### Action item:
Provide only the number of lines in the following data that contain "white".

····················

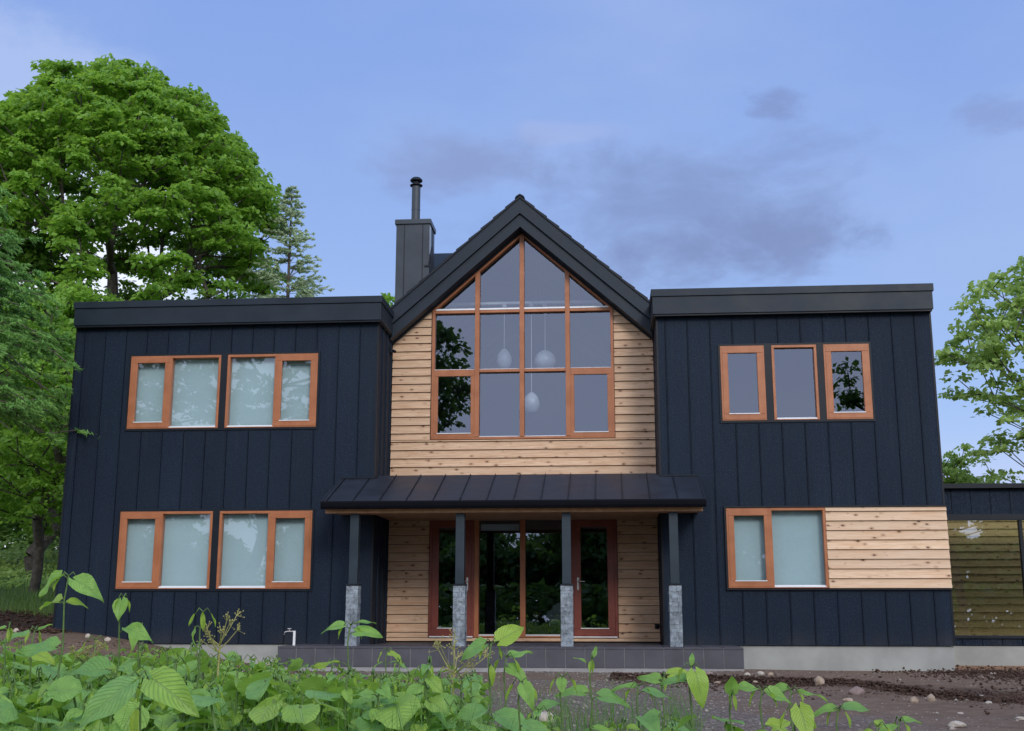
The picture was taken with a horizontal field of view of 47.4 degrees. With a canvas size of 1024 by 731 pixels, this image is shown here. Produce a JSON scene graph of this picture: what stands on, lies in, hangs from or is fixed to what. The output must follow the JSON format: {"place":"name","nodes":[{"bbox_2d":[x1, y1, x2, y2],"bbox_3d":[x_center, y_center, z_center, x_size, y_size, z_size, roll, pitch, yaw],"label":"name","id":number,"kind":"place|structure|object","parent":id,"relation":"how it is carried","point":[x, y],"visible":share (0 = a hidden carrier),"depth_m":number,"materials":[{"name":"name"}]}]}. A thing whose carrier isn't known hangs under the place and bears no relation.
{"place":"outdoors","nodes":[
{"label":"outdoors","id":0,"kind":"place"},
{"bbox_2d":[2,673,556,730],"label":"grass","id":1,"kind":"structure","parent":0,"point":[236,725],"depth_m":5.48,"materials":[{"name":"green plant"}]},
{"bbox_2d":[110,668,728,730],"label":"plant","id":2,"kind":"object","parent":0,"point":[677,715],"depth_m":8.24,"materials":[{"name":"green plant"}]},
{"bbox_2d":[0,550,1023,730],"bbox_3d":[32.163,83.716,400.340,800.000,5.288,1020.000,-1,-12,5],"label":"ground","id":3,"kind":"structure","parent":0,"point":[997,716],"depth_m":12.77,"materials":[{"name":"brown soil"}]},
{"bbox_2d":[0,622,12,723],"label":"leafy plant","id":4,"kind":"object","parent":3,"relation":"on","point":[9,635],"visible":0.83,"depth_m":6.26,"materials":[{"name":"green plant"}]},
{"bbox_2d":[0,699,33,730],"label":"leafy plant","id":5,"kind":"object","parent":3,"relation":"on","point":[6,710],"visible":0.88,"depth_m":5.64,"materials":[{"name":"green plant"}]},
{"bbox_2d":[0,677,33,730],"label":"leafy plant","id":6,"kind":"object","parent":3,"relation":"on","point":[4,689],"visible":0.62,"depth_m":6.10,"materials":[{"name":"green plant"}]},
{"bbox_2d":[0,553,56,616],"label":"grass","id":7,"kind":"structure","parent":3,"relation":"on","point":[22,605],"depth_m":26.02,"materials":[{"name":"green plant"}]},
{"bbox_2d":[2,624,55,691],"bbox_3d":[-2.749,2.111,6.568,0.335,1.282,0.222,-5,-13,23],"label":"leafy plant","id":8,"kind":"object","parent":3,"relation":"on","point":[46,656],"visible":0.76,"depth_m":6.64,"materials":[{"name":"green plant"}]},
{"bbox_2d":[0,520,58,549],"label":"distant wood","id":9,"kind":"object","parent":3,"relation":"on","point":[3,532],"depth_m":70.56,"materials":[{"name":"green plant"}]},
{"bbox_2d":[0,534,59,589],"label":"undergrowth","id":10,"kind":"object","parent":3,"relation":"on","point":[8,566],"visible":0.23,"depth_m":43.91,"materials":[{"name":"green plant"}]},
{"bbox_2d":[0,511,60,543],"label":"broadleaf tree","id":11,"kind":"object","parent":3,"relation":"on","point":[14,525],"visible":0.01,"depth_m":56.48,"materials":[{"name":"green plant"}]},
{"bbox_2d":[0,644,66,687],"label":"leafy plant","id":12,"kind":"object","parent":3,"relation":"on","point":[47,670],"visible":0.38,"depth_m":7.25,"materials":[{"name":"green plant"}]},
{"bbox_2d":[0,608,71,633],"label":"soil clods","id":13,"kind":"object","parent":3,"relation":"on","point":[49,629],"visible":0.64,"depth_m":22.16,"materials":[{"name":"brown soil"}]},
{"bbox_2d":[0,292,75,592],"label":"broadleaf tree","id":14,"kind":"object","parent":3,"relation":"on","point":[30,486],"visible":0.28,"depth_m":29.12,"materials":[{"name":"green plant"}]},
{"bbox_2d":[0,676,82,727],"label":"leafy plant","id":15,"kind":"object","parent":3,"relation":"on","point":[68,687],"visible":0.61,"depth_m":5.93,"materials":[{"name":"green plant"}]},
{"bbox_2d":[0,196,91,468],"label":"broadleaf tree","id":16,"kind":"object","parent":3,"relation":"on","point":[31,249],"visible":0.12,"depth_m":47.07,"materials":[{"name":"green plant"}]},
{"bbox_2d":[32,689,63,727],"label":"leafy plant","id":17,"kind":"object","parent":3,"relation":"on","point":[45,701],"visible":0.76,"depth_m":5.89,"materials":[{"name":"green plant"}]},
{"bbox_2d":[0,185,99,449],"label":"hemlock tree","id":18,"kind":"object","parent":3,"relation":"on","point":[14,400],"visible":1,"depth_m":21.08,"materials":[{"name":"green plant"}]},
{"bbox_2d":[32,674,68,729],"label":"leafy plant","id":19,"kind":"object","parent":3,"relation":"on","point":[43,687],"visible":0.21,"depth_m":6.10,"materials":[{"name":"green plant"}]},
{"bbox_2d":[0,706,106,730],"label":"leafy plant","id":20,"kind":"object","parent":3,"relation":"on","point":[38,712],"visible":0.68,"depth_m":5.76,"materials":[{"name":"green plant"}]},
{"bbox_2d":[18,570,103,719],"bbox_3d":[-2.421,1.882,6.152,0.489,1.587,0.232,-6,-13,27],"label":"leafy plant","id":21,"kind":"object","parent":3,"relation":"on","point":[84,583],"visible":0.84,"depth_m":6.27,"materials":[{"name":"green plant"}]},
{"bbox_2d":[0,272,123,575],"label":"broadleaf tree","id":22,"kind":"object","parent":3,"relation":"on","point":[72,292],"visible":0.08,"depth_m":37.42,"materials":[{"name":"green plant"}]},
{"bbox_2d":[60,682,104,730],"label":"leafy plant","id":23,"kind":"object","parent":3,"relation":"on","point":[75,712],"visible":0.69,"depth_m":5.59,"materials":[{"name":"green plant"}]},
{"bbox_2d":[68,640,108,683],"bbox_3d":[-2.538,2.217,6.897,0.221,1.156,0.192,-6,-13,27],"label":"dry seed head","id":24,"kind":"object","parent":3,"relation":"on","point":[88,651],"visible":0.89,"depth_m":7.00},
{"bbox_2d":[36,714,141,730],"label":"leafy plant","id":25,"kind":"object","parent":3,"relation":"on","point":[115,727],"visible":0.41,"depth_m":5.61,"materials":[{"name":"green plant"}]},
{"bbox_2d":[25,689,171,723],"bbox_3d":[-2.187,2.195,6.150,0.808,0.996,0.594,2,-12,-11],"label":"leafy plant","id":26,"kind":"object","parent":3,"relation":"on","point":[34,695],"visible":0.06,"depth_m":6.20,"materials":[{"name":"green plant"}]},
{"bbox_2d":[50,693,160,719],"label":"leafy plant","id":27,"kind":"object","parent":3,"relation":"on","point":[56,704],"visible":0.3,"depth_m":6.01,"materials":[{"name":"green plant"}]},
{"bbox_2d":[66,593,152,719],"bbox_3d":[-2.206,1.966,6.276,0.510,1.463,0.289,2,-12,-9],"label":"leafy plant","id":28,"kind":"object","parent":3,"relation":"on","point":[95,666],"visible":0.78,"depth_m":6.42,"materials":[{"name":"green plant"}]},
{"bbox_2d":[82,676,165,713],"bbox_3d":[-2.080,2.255,6.523,0.638,0.999,0.633,7,-14,-29],"label":"leafy plant","id":29,"kind":"object","parent":3,"relation":"on","point":[161,705],"visible":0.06,"depth_m":6.59,"materials":[{"name":"green plant"}]},
{"bbox_2d":[120,644,153,676],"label":"leafy plant","id":30,"kind":"object","parent":3,"relation":"on","point":[144,654],"visible":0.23,"depth_m":7.40,"materials":[{"name":"green plant"}]},
{"bbox_2d":[78,666,199,730],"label":"leafy plant","id":31,"kind":"object","parent":3,"relation":"on","point":[166,685],"visible":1,"depth_m":4.51,"materials":[{"name":"green plant"}]},
{"bbox_2d":[0,52,290,531],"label":"broadleaf tree","id":32,"kind":"object","parent":3,"relation":"on","point":[122,125],"visible":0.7,"depth_m":42.23,"materials":[{"name":"green plant"}]},
{"bbox_2d":[113,688,210,730],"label":"leafy plant","id":33,"kind":"object","parent":3,"relation":"on","point":[119,715],"visible":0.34,"depth_m":5.68,"materials":[{"name":"green plant"}]},
{"bbox_2d":[156,657,197,676],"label":"leafy plant","id":34,"kind":"object","parent":3,"relation":"on","point":[192,665],"visible":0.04,"depth_m":7.34,"materials":[{"name":"green plant"}]},
{"bbox_2d":[132,658,233,685],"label":"leafy plant","id":35,"kind":"object","parent":3,"relation":"on","point":[152,661],"visible":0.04,"depth_m":7.58,"materials":[{"name":"green plant"}]},
{"bbox_2d":[142,711,229,730],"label":"leafy plant","id":36,"kind":"object","parent":3,"relation":"on","point":[170,719],"visible":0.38,"depth_m":5.73,"materials":[{"name":"green plant"}]},
{"bbox_2d":[166,673,220,730],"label":"leafy plant","id":37,"kind":"object","parent":3,"relation":"on","point":[172,727],"visible":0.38,"depth_m":5.66,"materials":[{"name":"green plant"}]},
{"bbox_2d":[179,642,217,724],"bbox_3d":[-1.929,2.265,7.104,0.298,1.143,0.373,5,-13,-24],"label":"leafy plant","id":38,"kind":"object","parent":3,"relation":"on","point":[187,658],"visible":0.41,"depth_m":7.17,"materials":[{"name":"green plant"}]},
{"bbox_2d":[187,607,215,691],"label":"leafy plant","id":39,"kind":"object","parent":3,"relation":"on","point":[189,683],"visible":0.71,"depth_m":6.58,"materials":[{"name":"green plant"}]},
{"bbox_2d":[193,660,229,728],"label":"leafy plant","id":40,"kind":"object","parent":3,"relation":"on","point":[206,671],"visible":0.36,"depth_m":6.78,"materials":[{"name":"green plant"}]},
{"bbox_2d":[188,681,236,730],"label":"leafy plant","id":41,"kind":"object","parent":3,"relation":"on","point":[216,704],"visible":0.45,"depth_m":5.79,"materials":[{"name":"green plant"}]},
{"bbox_2d":[185,697,243,729],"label":"leafy plant","id":42,"kind":"object","parent":3,"relation":"on","point":[224,711],"visible":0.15,"depth_m":6.19,"materials":[{"name":"green plant"}]},
{"bbox_2d":[196,609,244,675],"bbox_3d":[-1.698,2.078,6.654,0.270,1.358,0.271,-1,-12,5],"label":"dry seed head","id":43,"kind":"object","parent":3,"relation":"on","point":[213,641],"visible":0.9,"depth_m":6.76},
{"bbox_2d":[205,664,264,730],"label":"leafy plant","id":44,"kind":"object","parent":3,"relation":"on","point":[229,686],"visible":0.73,"depth_m":5.86,"materials":[{"name":"green plant"}]},
{"bbox_2d":[177,680,320,730],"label":"leafy plant","id":45,"kind":"object","parent":3,"relation":"on","point":[201,701],"visible":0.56,"depth_m":5.61,"materials":[{"name":"green plant"}]},
{"bbox_2d":[210,677,309,730],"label":"leafy plant","id":46,"kind":"object","parent":3,"relation":"on","point":[299,700],"visible":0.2,"depth_m":6.36,"materials":[{"name":"green plant"}]},
{"bbox_2d":[244,658,302,683],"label":"leafy plant","id":47,"kind":"object","parent":3,"relation":"on","point":[295,664],"visible":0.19,"depth_m":8.79,"materials":[{"name":"green plant"}]},
{"bbox_2d":[260,673,295,729],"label":"leafy plant","id":48,"kind":"object","parent":3,"relation":"on","point":[283,685],"visible":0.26,"depth_m":6.17,"materials":[{"name":"green plant"}]},
{"bbox_2d":[245,185,334,297],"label":"larch tree","id":49,"kind":"object","parent":3,"relation":"on","point":[300,286],"visible":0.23,"depth_m":44.79,"materials":[{"name":"green plant"}]},
{"bbox_2d":[236,674,346,730],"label":"leafy plant","id":50,"kind":"object","parent":3,"relation":"on","point":[304,714],"visible":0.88,"depth_m":5.46,"materials":[{"name":"green plant"}]},
{"bbox_2d":[241,674,359,730],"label":"leafy plant","id":51,"kind":"object","parent":3,"relation":"on","point":[253,691],"visible":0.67,"depth_m":5.67,"materials":[{"name":"green plant"}]},
{"bbox_2d":[252,670,369,720],"bbox_3d":[-1.201,2.272,6.691,0.719,1.006,0.683,-1,-12,5],"label":"leafy plant","id":52,"kind":"object","parent":3,"relation":"on","point":[339,684],"visible":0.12,"depth_m":6.96,"materials":[{"name":"green plant"}]},
{"bbox_2d":[321,667,371,730],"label":"leafy plant","id":53,"kind":"object","parent":3,"relation":"on","point":[346,694],"visible":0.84,"depth_m":5.71,"materials":[{"name":"green plant"}]},
{"bbox_2d":[312,620,382,686],"bbox_3d":[-0.976,2.138,6.816,0.386,1.280,0.209,-7,-14,31],"label":"leafy plant","id":54,"kind":"object","parent":3,"relation":"on","point":[363,630],"visible":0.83,"depth_m":6.92,"materials":[{"name":"green plant"}]},
{"bbox_2d":[290,676,435,730],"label":"leafy plant","id":55,"kind":"object","parent":3,"relation":"on","point":[320,694],"visible":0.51,"depth_m":6.14,"materials":[{"name":"green plant"}]},
{"bbox_2d":[351,673,403,730],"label":"leafy plant","id":56,"kind":"object","parent":3,"relation":"on","point":[369,692],"visible":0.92,"depth_m":5.54,"materials":[{"name":"green plant"}]},
{"bbox_2d":[326,693,446,730],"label":"leafy plant","id":57,"kind":"object","parent":3,"relation":"on","point":[404,705],"visible":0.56,"depth_m":5.50,"materials":[{"name":"green plant"}]},
{"bbox_2d":[375,671,408,706],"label":"leafy plant","id":58,"kind":"object","parent":3,"relation":"on","point":[398,676],"visible":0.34,"depth_m":6.78,"materials":[{"name":"green plant"}]},
{"bbox_2d":[380,693,459,730],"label":"leafy plant","id":59,"kind":"object","parent":3,"relation":"on","point":[448,697],"visible":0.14,"depth_m":6.00,"materials":[{"name":"green plant"}]},
{"bbox_2d":[403,666,444,730],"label":"leafy plant","id":60,"kind":"object","parent":3,"relation":"on","point":[417,718],"visible":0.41,"depth_m":5.96,"materials":[{"name":"green plant"}]},
{"bbox_2d":[405,655,449,730],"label":"leafy plant","id":61,"kind":"object","parent":3,"relation":"on","point":[437,701],"visible":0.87,"depth_m":5.66,"materials":[{"name":"green plant"}]},
{"bbox_2d":[428,628,494,717],"bbox_3d":[-0.281,2.075,6.343,0.338,1.262,0.423,-6,-13,26],"label":"dry seed head","id":62,"kind":"object","parent":3,"relation":"on","point":[453,672],"visible":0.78,"depth_m":6.42},
{"bbox_2d":[447,673,476,730],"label":"leafy plant","id":63,"kind":"object","parent":3,"relation":"on","point":[456,697],"visible":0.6,"depth_m":6.38,"materials":[{"name":"green plant"}]},
{"bbox_2d":[422,675,507,729],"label":"leafy plant","id":64,"kind":"object","parent":3,"relation":"on","point":[476,686],"visible":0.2,"depth_m":7.27,"materials":[{"name":"green plant"}]},
{"bbox_2d":[429,721,509,730],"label":"leafy plant","id":65,"kind":"object","parent":3,"relation":"on","point":[477,725],"visible":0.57,"depth_m":5.62,"materials":[{"name":"green plant"}]},
{"bbox_2d":[459,671,488,730],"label":"leafy plant","id":66,"kind":"object","parent":3,"relation":"on","point":[467,700],"visible":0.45,"depth_m":6.96,"materials":[{"name":"green plant"}]},
{"bbox_2d":[452,624,526,730],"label":"leafy plant","id":67,"kind":"object","parent":3,"relation":"on","point":[506,635],"visible":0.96,"depth_m":5.82,"materials":[{"name":"green plant"}]},
{"bbox_2d":[494,650,532,728],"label":"leafy plant","id":68,"kind":"object","parent":3,"relation":"on","point":[515,670],"visible":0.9,"depth_m":6.22,"materials":[{"name":"green plant"}]},
{"bbox_2d":[505,677,547,730],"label":"leafy plant","id":69,"kind":"object","parent":3,"relation":"on","point":[527,692],"visible":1,"depth_m":5.39,"materials":[{"name":"green plant"}]},
{"bbox_2d":[52,177,1023,672],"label":"house","id":70,"kind":"structure","parent":3,"relation":"on","point":[718,479],"depth_m":20.77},
{"bbox_2d":[115,511,212,588],"bbox_3d":[-6.123,3.266,20.651,1.684,1.350,0.183,-1,-12,5],"label":"window","id":71,"kind":"structure","parent":70,"relation":"in","point":[162,549],"depth_m":20.70,"materials":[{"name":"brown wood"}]},
{"bbox_2d":[127,355,221,428],"bbox_3d":[-6.121,0.492,21.238,1.684,1.342,0.183,-1,-12,5],"label":"window","id":72,"kind":"structure","parent":70,"relation":"in","point":[166,392],"depth_m":21.29,"materials":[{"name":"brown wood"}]},
{"bbox_2d":[216,511,312,588],"bbox_3d":[-4.329,3.237,20.506,1.666,1.350,0.183,-1,-12,5],"label":"window","id":73,"kind":"structure","parent":70,"relation":"in","point":[257,549],"depth_m":20.56,"materials":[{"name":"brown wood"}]},
{"bbox_2d":[224,353,317,427],"bbox_3d":[-4.327,0.463,21.093,1.666,1.342,0.183,-1,-12,5],"label":"window","id":74,"kind":"structure","parent":70,"relation":"in","point":[263,390],"depth_m":21.15,"materials":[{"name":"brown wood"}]},
{"bbox_2d":[428,520,474,636],"bbox_3d":[-1.108,3.888,21.457,0.836,2.160,0.211,-1,-12,5],"label":"glazed door","id":75,"kind":"structure","parent":70,"relation":"in","point":[433,630],"depth_m":21.43,"materials":[{"name":"red paint"}]},
{"bbox_2d":[497,304,511,368],"bbox_3d":[-0.156,-0.587,23.581,0.310,1.323,0.310,-1,-12,5],"label":"pendant lamp","id":76,"kind":"object","parent":70,"relation":"hanging from","point":[504,359],"visible":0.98,"depth_m":23.39,"materials":[{"name":"white glass"}]},
{"bbox_2d":[474,520,559,637],"bbox_3d":[0.199,3.880,21.417,1.775,2.160,0.198,-1,-12,5],"label":"glazed door","id":77,"kind":"structure","parent":70,"relation":"in","point":[484,527],"depth_m":21.37,"materials":[{"name":"brown wood"}]},
{"bbox_2d":[431,233,614,439],"bbox_3d":[0.198,-0.614,22.333,3.464,4.083,0.147,-1,-12,5],"label":"gable window","id":78,"kind":"structure","parent":70,"relation":"in","point":[474,434],"depth_m":22.17,"materials":[{"name":"brown wood"}]},
{"bbox_2d":[525,304,539,412],"bbox_3d":[0.391,-0.155,23.444,0.330,2.223,0.330,-1,-12,5],"label":"pendant lamp","id":79,"kind":"object","parent":70,"relation":"hanging from","point":[532,403],"visible":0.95,"depth_m":23.16,"materials":[{"name":"white glass"}]},
{"bbox_2d":[534,303,555,367],"bbox_3d":[0.666,-0.590,23.513,0.440,1.344,0.440,-1,-12,5],"label":"pendant lamp","id":80,"kind":"object","parent":70,"relation":"hanging from","point":[545,358],"visible":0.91,"depth_m":23.26,"materials":[{"name":"white glass"}]},
{"bbox_2d":[547,603,561,633],"bbox_3d":[1.068,5.316,24.382,0.660,0.700,0.600,-1,-12,5],"label":"armchair","id":81,"kind":"object","parent":70,"relation":"on","point":[554,615],"visible":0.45,"depth_m":24.13,"materials":[{"name":"grey fabric"}]},
{"bbox_2d":[571,520,618,637],"bbox_3d":[1.498,3.845,21.246,0.841,2.160,0.211,-1,-12,5],"label":"glazed door","id":82,"kind":"structure","parent":70,"relation":"in","point":[579,632],"depth_m":21.20,"materials":[{"name":"red paint"}]},
{"bbox_2d":[720,345,766,420],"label":"window","id":83,"kind":"structure","parent":70,"relation":"in","point":[724,350],"depth_m":20.34,"materials":[{"name":"brown wood"}]},
{"bbox_2d":[726,507,828,587],"bbox_3d":[4.483,3.092,19.793,1.662,1.342,0.183,-1,-12,5],"label":"window","id":84,"kind":"structure","parent":70,"relation":"in","point":[767,547],"depth_m":19.84,"materials":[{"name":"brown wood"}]},
{"bbox_2d":[771,345,819,419],"bbox_3d":[4.926,0.300,20.334,0.773,1.325,0.130,-1,-12,5],"label":"window","id":85,"kind":"structure","parent":70,"relation":"in","point":[813,347],"depth_m":20.29,"materials":[{"name":"brown wood"}]},
{"bbox_2d":[823,344,872,419],"bbox_3d":[5.819,0.284,20.254,0.779,1.325,0.144,-1,-12,5],"label":"window","id":86,"kind":"structure","parent":70,"relation":"in","point":[827,348],"depth_m":20.20,"materials":[{"name":"brown wood"}]},
{"bbox_2d":[946,514,1023,638],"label":"annex window","id":87,"kind":"structure","parent":70,"relation":"in","point":[950,517],"depth_m":21.62,"materials":[{"name":"black metal"}]},
{"bbox_2d":[534,672,576,730],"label":"leafy plant","id":88,"kind":"object","parent":3,"relation":"on","point":[561,683],"visible":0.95,"depth_m":5.97,"materials":[{"name":"green plant"}]},
{"bbox_2d":[555,646,630,730],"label":"leafy plant","id":89,"kind":"object","parent":3,"relation":"on","point":[606,695],"visible":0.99,"depth_m":6.16,"materials":[{"name":"green plant"}]},
{"bbox_2d":[611,681,671,730],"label":"leafy plant","id":90,"kind":"object","parent":3,"relation":"on","point":[651,723],"visible":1,"depth_m":6.12,"materials":[{"name":"green plant"}]},
{"bbox_2d":[633,667,688,730],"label":"leafy plant","id":91,"kind":"object","parent":3,"relation":"on","point":[654,677],"visible":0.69,"depth_m":6.53,"materials":[{"name":"green plant"}]},
{"bbox_2d":[660,653,708,730],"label":"leafy plant","id":92,"kind":"object","parent":3,"relation":"on","point":[698,682],"visible":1,"depth_m":5.70,"materials":[{"name":"green plant"}]},
{"bbox_2d":[675,715,765,730],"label":"leafy plant","id":93,"kind":"object","parent":3,"relation":"on","point":[684,720],"visible":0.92,"depth_m":5.93,"materials":[{"name":"green plant"}]},
{"bbox_2d":[724,676,738,730],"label":"leafy plant","id":94,"kind":"object","parent":3,"relation":"on","point":[731,687],"visible":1,"depth_m":5.70,"materials":[{"name":"green plant"}]},
{"bbox_2d":[738,681,791,730],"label":"leafy plant","id":95,"kind":"object","parent":3,"relation":"on","point":[775,693],"visible":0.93,"depth_m":5.89,"materials":[{"name":"green plant"}]},
{"bbox_2d":[779,702,815,730],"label":"leafy plant","id":96,"kind":"object","parent":3,"relation":"on","point":[802,715],"visible":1,"depth_m":4.87,"materials":[{"name":"green plant"}]},
{"bbox_2d":[771,682,827,730],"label":"leafy plant","id":97,"kind":"object","parent":3,"relation":"on","point":[781,686],"visible":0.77,"depth_m":6.25,"materials":[{"name":"green plant"}]},
{"bbox_2d":[610,671,1023,714],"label":"soil clods","id":98,"kind":"object","parent":3,"relation":"on","point":[918,691],"visible":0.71,"depth_m":14.26,"materials":[{"name":"brown soil"}]},
{"bbox_2d":[814,701,869,730],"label":"leafy plant","id":99,"kind":"object","parent":3,"relation":"on","point":[849,705],"visible":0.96,"depth_m":5.68,"materials":[{"name":"green plant"}]},
{"bbox_2d":[879,716,921,730],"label":"leafy plant","id":100,"kind":"object","parent":3,"relation":"on","point":[893,727],"visible":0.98,"depth_m":6.00,"materials":[{"name":"green plant"}]},
{"bbox_2d":[830,664,1023,692],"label":"soil clods","id":101,"kind":"object","parent":3,"relation":"on","point":[999,673],"visible":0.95,"depth_m":16.86,"materials":[{"name":"brown soil"}]},
{"bbox_2d":[942,443,1007,483],"bbox_3d":[13.575,5.396,35.041,3.616,6.133,3.090,-1,-12,5],"label":"broadleaf tree","id":102,"kind":"object","parent":3,"relation":"on","point":[958,475],"visible":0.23,"depth_m":35.14,"materials":[{"name":"green plant"}]},
{"bbox_2d":[934,255,1023,482],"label":"broadleaf tree","id":103,"kind":"object","parent":3,"relation":"on","point":[992,347],"visible":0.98,"depth_m":32.22,"materials":[{"name":"green plant"}]},
{"bbox_2d":[0,0,1023,547],"label":"sky","id":104,"kind":"structure","parent":0,"point":[681,143],"materials":[{"name":"blue"}]},
{"bbox_2d":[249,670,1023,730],"bbox_3d":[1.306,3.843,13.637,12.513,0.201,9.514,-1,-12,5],"label":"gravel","id":105,"kind":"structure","parent":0,"point":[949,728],"depth_m":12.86,"materials":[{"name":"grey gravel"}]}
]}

····················

### Your response:
3